--- THE DATA ---

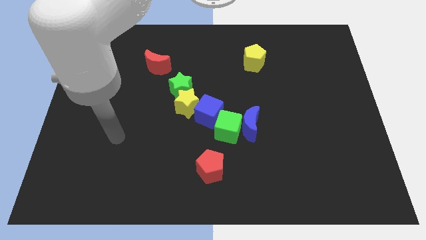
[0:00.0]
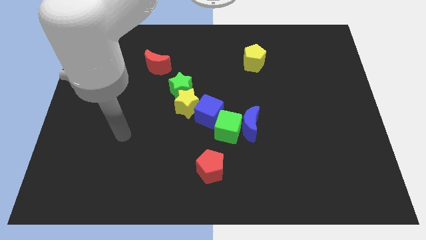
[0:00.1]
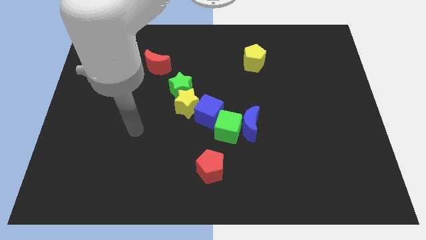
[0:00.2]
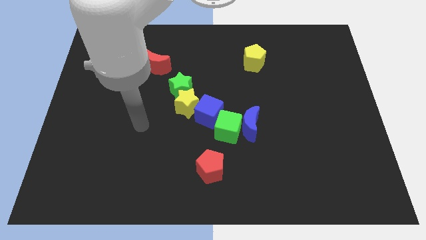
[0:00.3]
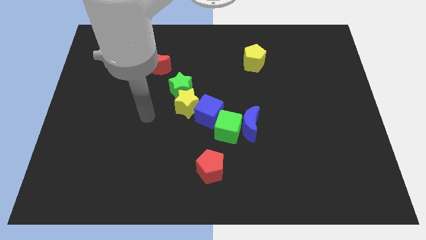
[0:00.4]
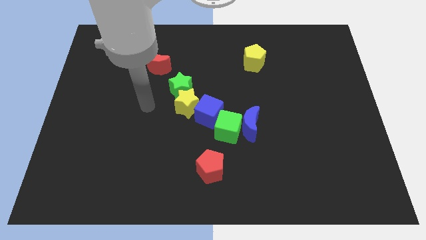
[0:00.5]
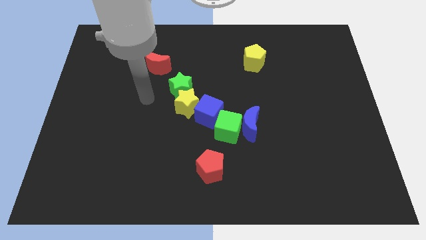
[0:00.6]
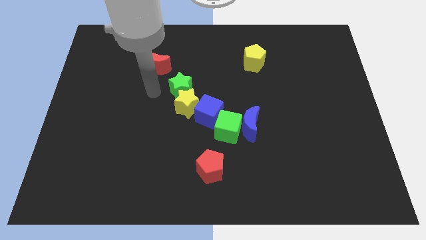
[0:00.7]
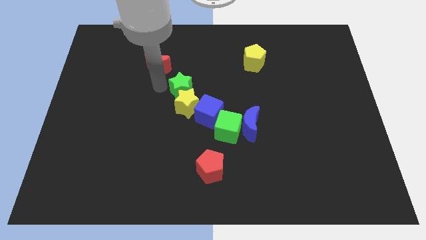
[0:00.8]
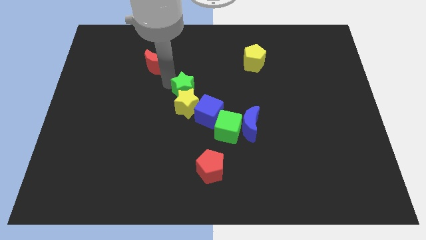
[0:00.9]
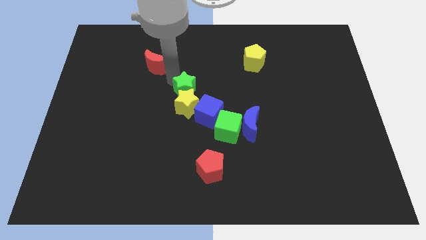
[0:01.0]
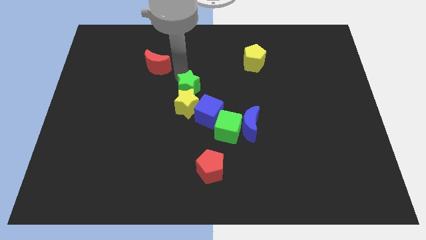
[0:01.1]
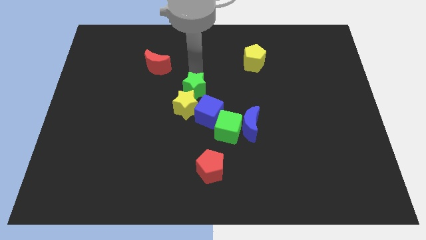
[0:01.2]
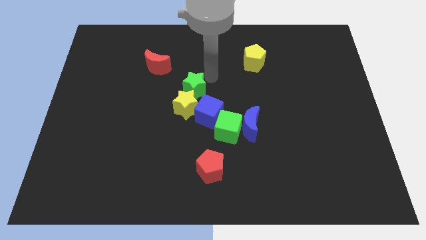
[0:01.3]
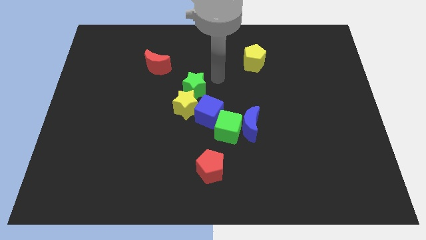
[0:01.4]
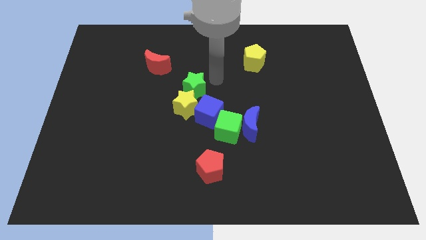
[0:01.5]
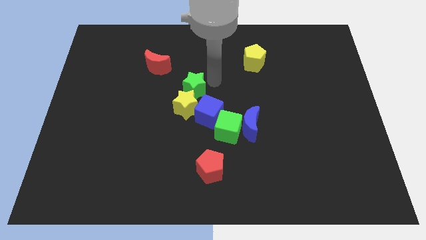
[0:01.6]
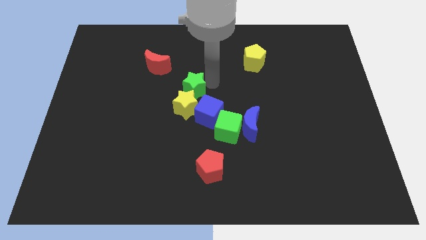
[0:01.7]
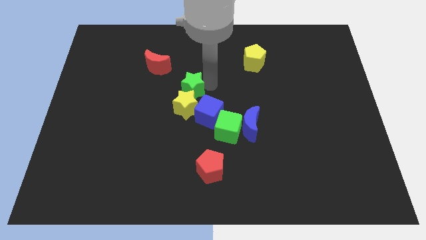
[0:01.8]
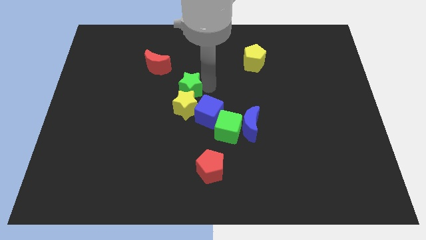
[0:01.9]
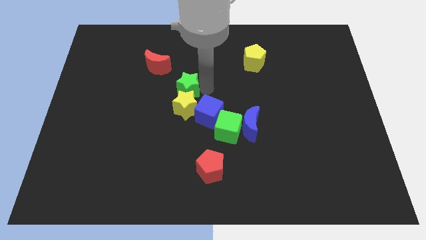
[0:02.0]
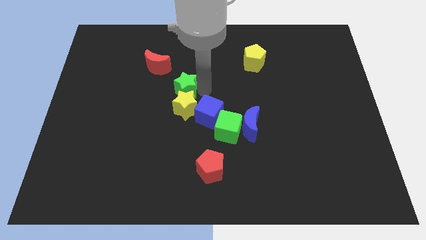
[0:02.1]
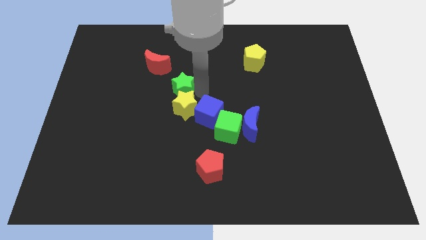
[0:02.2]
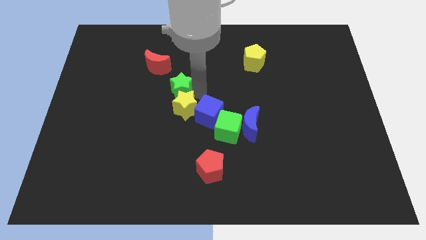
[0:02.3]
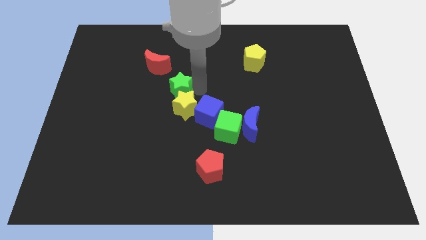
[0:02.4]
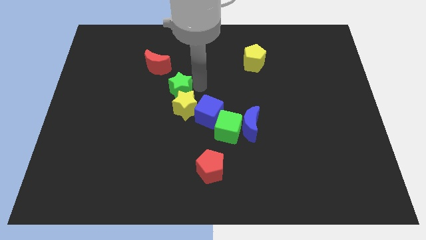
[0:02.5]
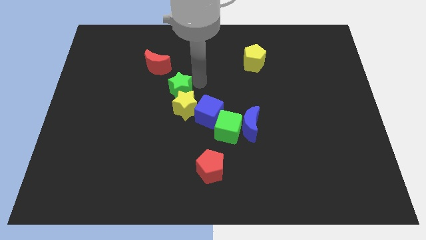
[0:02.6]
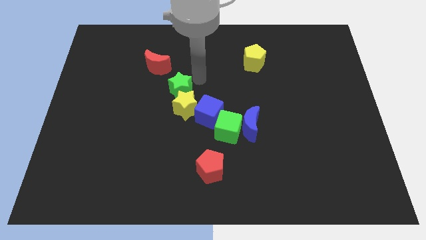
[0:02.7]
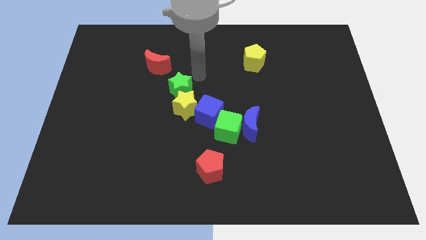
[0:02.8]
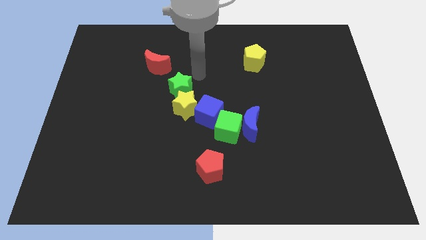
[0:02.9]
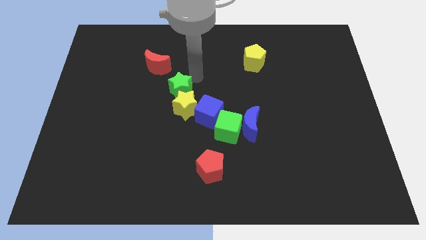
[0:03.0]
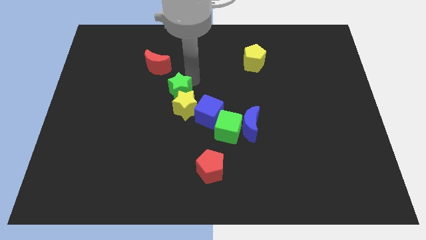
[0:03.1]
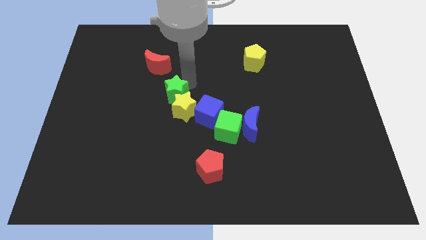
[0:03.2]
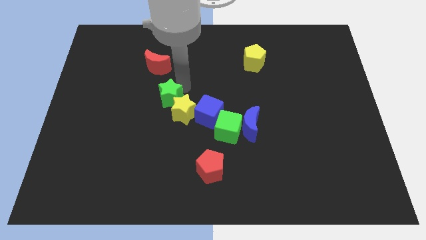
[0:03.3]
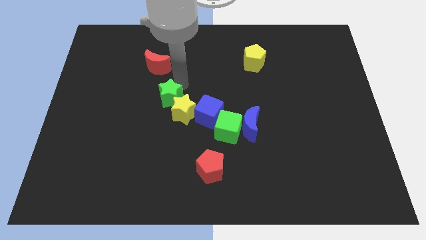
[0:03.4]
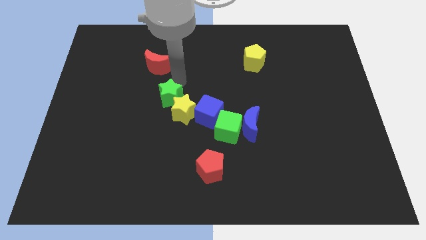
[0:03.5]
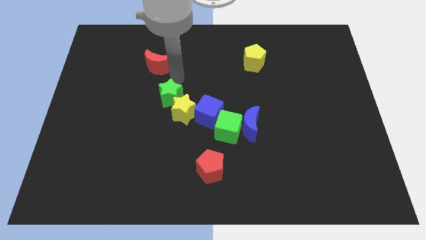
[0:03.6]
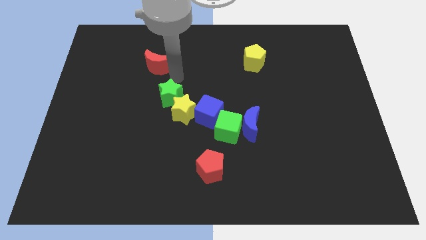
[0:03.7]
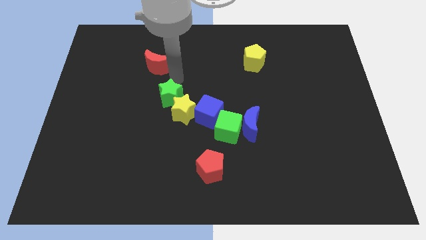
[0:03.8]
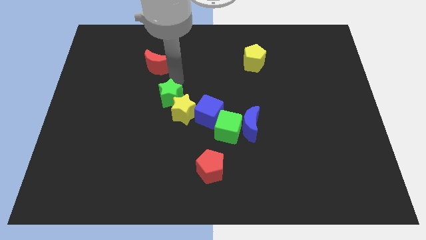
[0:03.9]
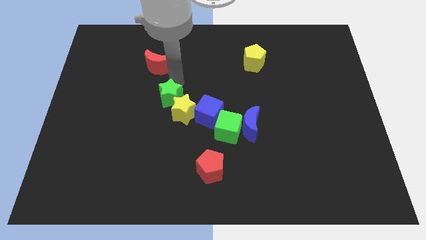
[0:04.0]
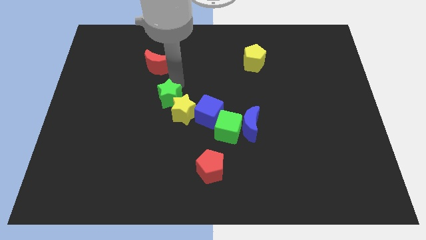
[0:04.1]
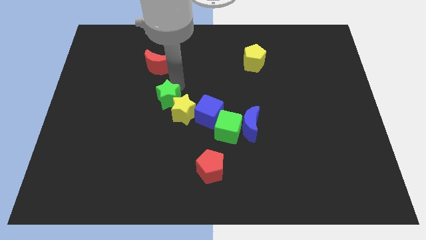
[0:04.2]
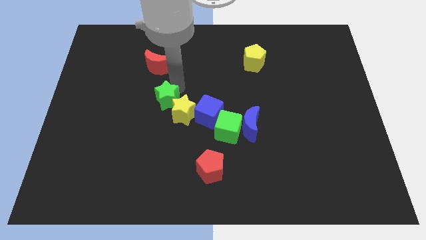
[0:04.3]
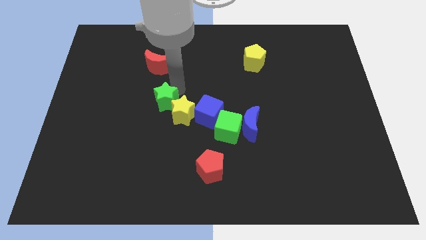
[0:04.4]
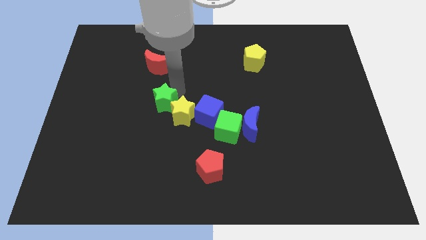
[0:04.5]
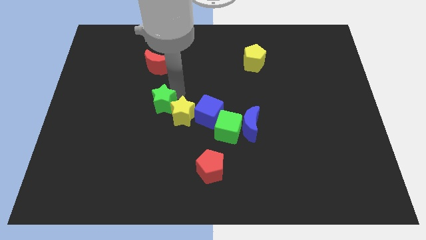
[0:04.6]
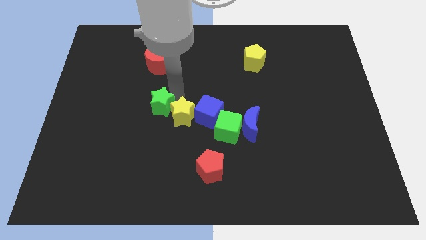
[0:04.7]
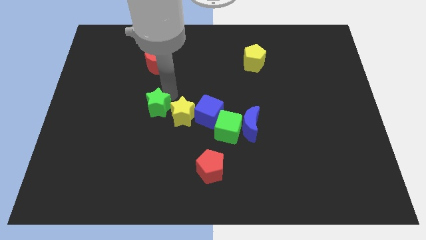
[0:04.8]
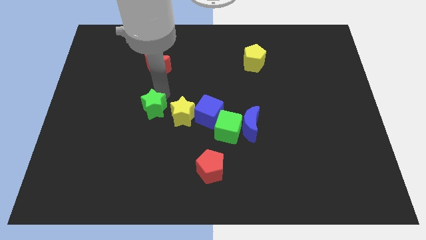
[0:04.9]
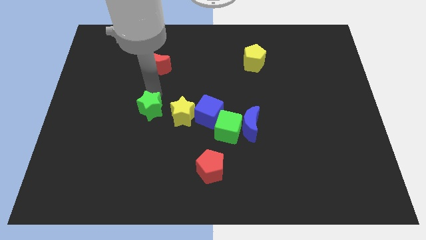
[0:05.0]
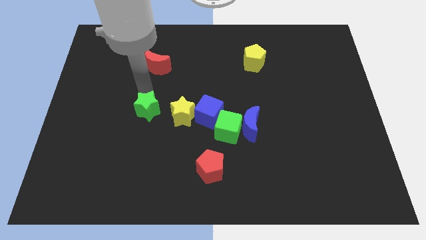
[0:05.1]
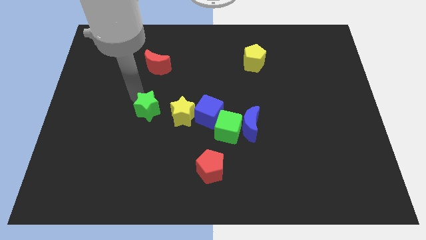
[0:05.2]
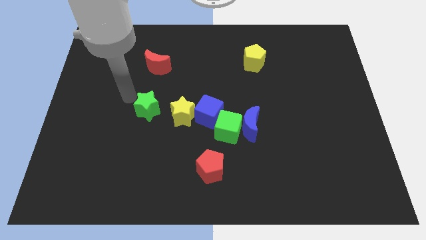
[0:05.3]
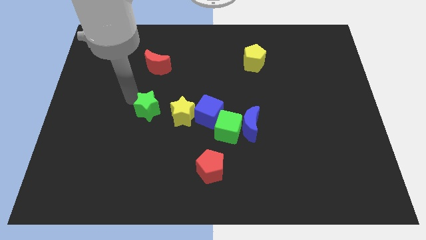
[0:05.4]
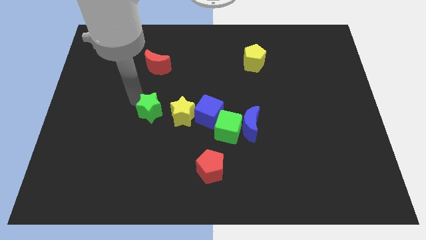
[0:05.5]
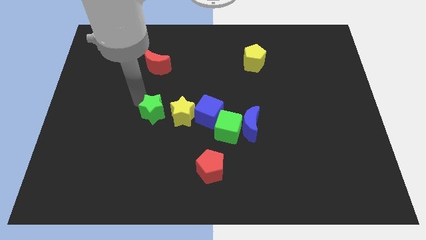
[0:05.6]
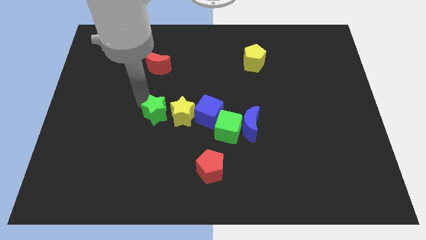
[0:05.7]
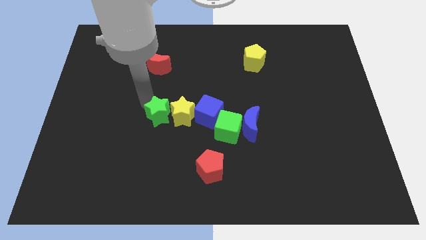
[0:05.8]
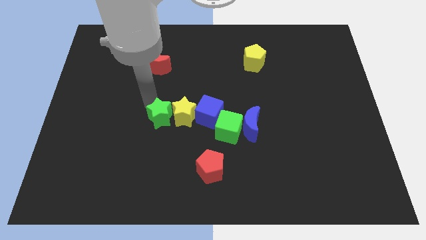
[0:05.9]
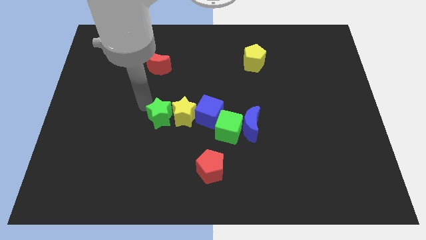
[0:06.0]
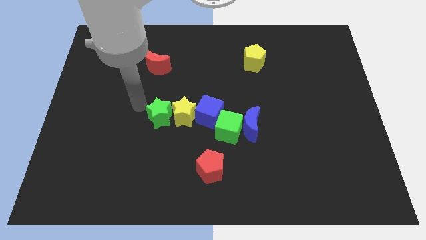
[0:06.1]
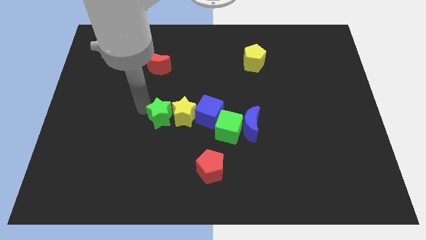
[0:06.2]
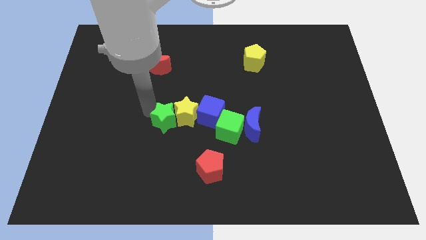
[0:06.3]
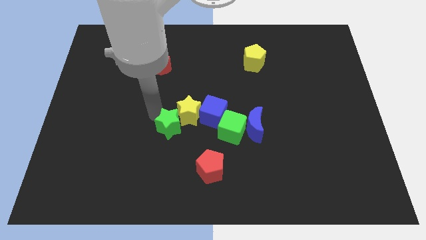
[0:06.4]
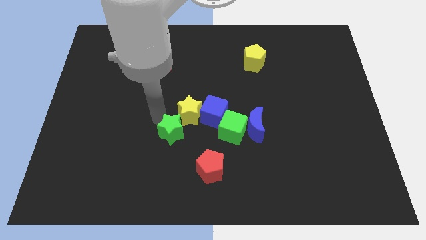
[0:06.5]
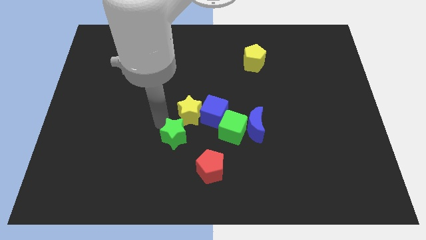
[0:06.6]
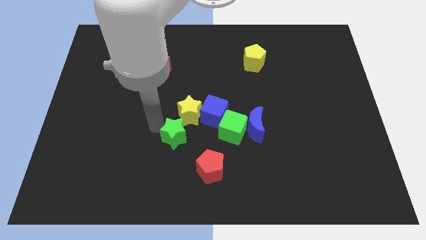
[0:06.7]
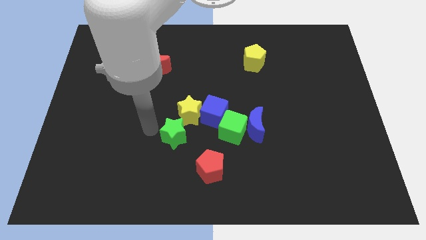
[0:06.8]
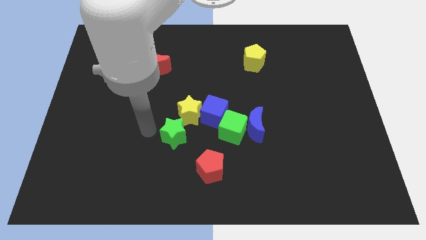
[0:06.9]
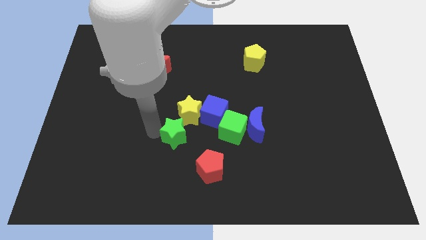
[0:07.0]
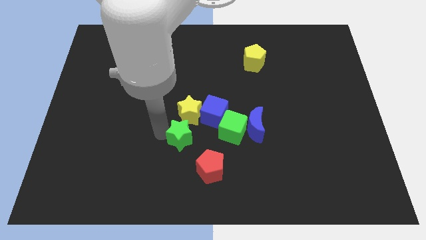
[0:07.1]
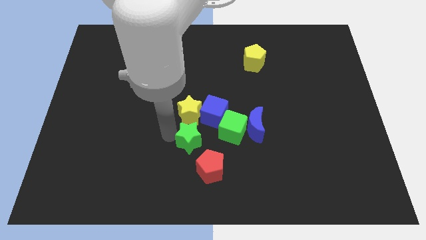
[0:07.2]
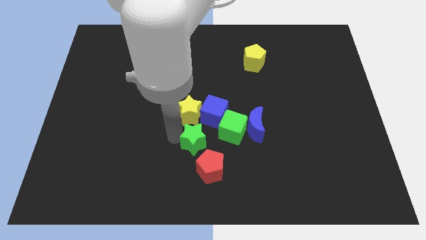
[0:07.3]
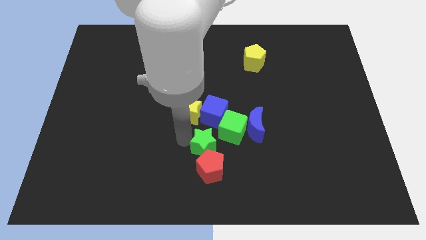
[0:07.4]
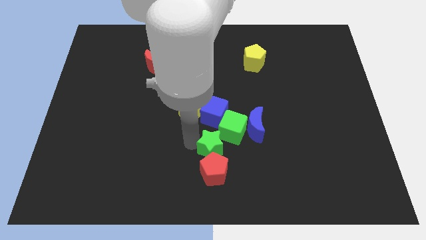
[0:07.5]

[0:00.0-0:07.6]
move the green star to the bottom left of the blue moon

---

* [DESCRIPTION OF THE TASK]
Copy out the entries verbatim and leave the images out.

* [RESPONSE TO THIS EXERCISE]
[0:00.0]
[0:00.1]
[0:00.2]
[0:00.3]
[0:00.4]
[0:00.5]
[0:00.6]
[0:00.7]
[0:00.8]
[0:00.9]
[0:01.0]
[0:01.1]
[0:01.2]
[0:01.3]
[0:01.4]
[0:01.5]
[0:01.6]
[0:01.7]
[0:01.8]
[0:01.9]
[0:02.0]
[0:02.1]
[0:02.2]
[0:02.3]
[0:02.4]
[0:02.5]
[0:02.6]
[0:02.7]
[0:02.8]
[0:02.9]
[0:03.0]
[0:03.1]
[0:03.2]
[0:03.3]
[0:03.4]
[0:03.5]
[0:03.6]
[0:03.7]
[0:03.8]
[0:03.9]
[0:04.0]
[0:04.1]
[0:04.2]
[0:04.3]
[0:04.4]
[0:04.5]
[0:04.6]
[0:04.7]
[0:04.8]
[0:04.9]
[0:05.0]
[0:05.1]
[0:05.2]
[0:05.3]
[0:05.4]
[0:05.5]
[0:05.6]
[0:05.7]
[0:05.8]
[0:05.9]
[0:06.0]
[0:06.1]
[0:06.2]
[0:06.3]
[0:06.4]
[0:06.5]
[0:06.6]
[0:06.7]
[0:06.8]
[0:06.9]
[0:07.0]
[0:07.1]
[0:07.2]
[0:07.3]
[0:07.4]
[0:07.5]

[0:00.0-0:07.6]
move the green star to the bottom left of the blue moon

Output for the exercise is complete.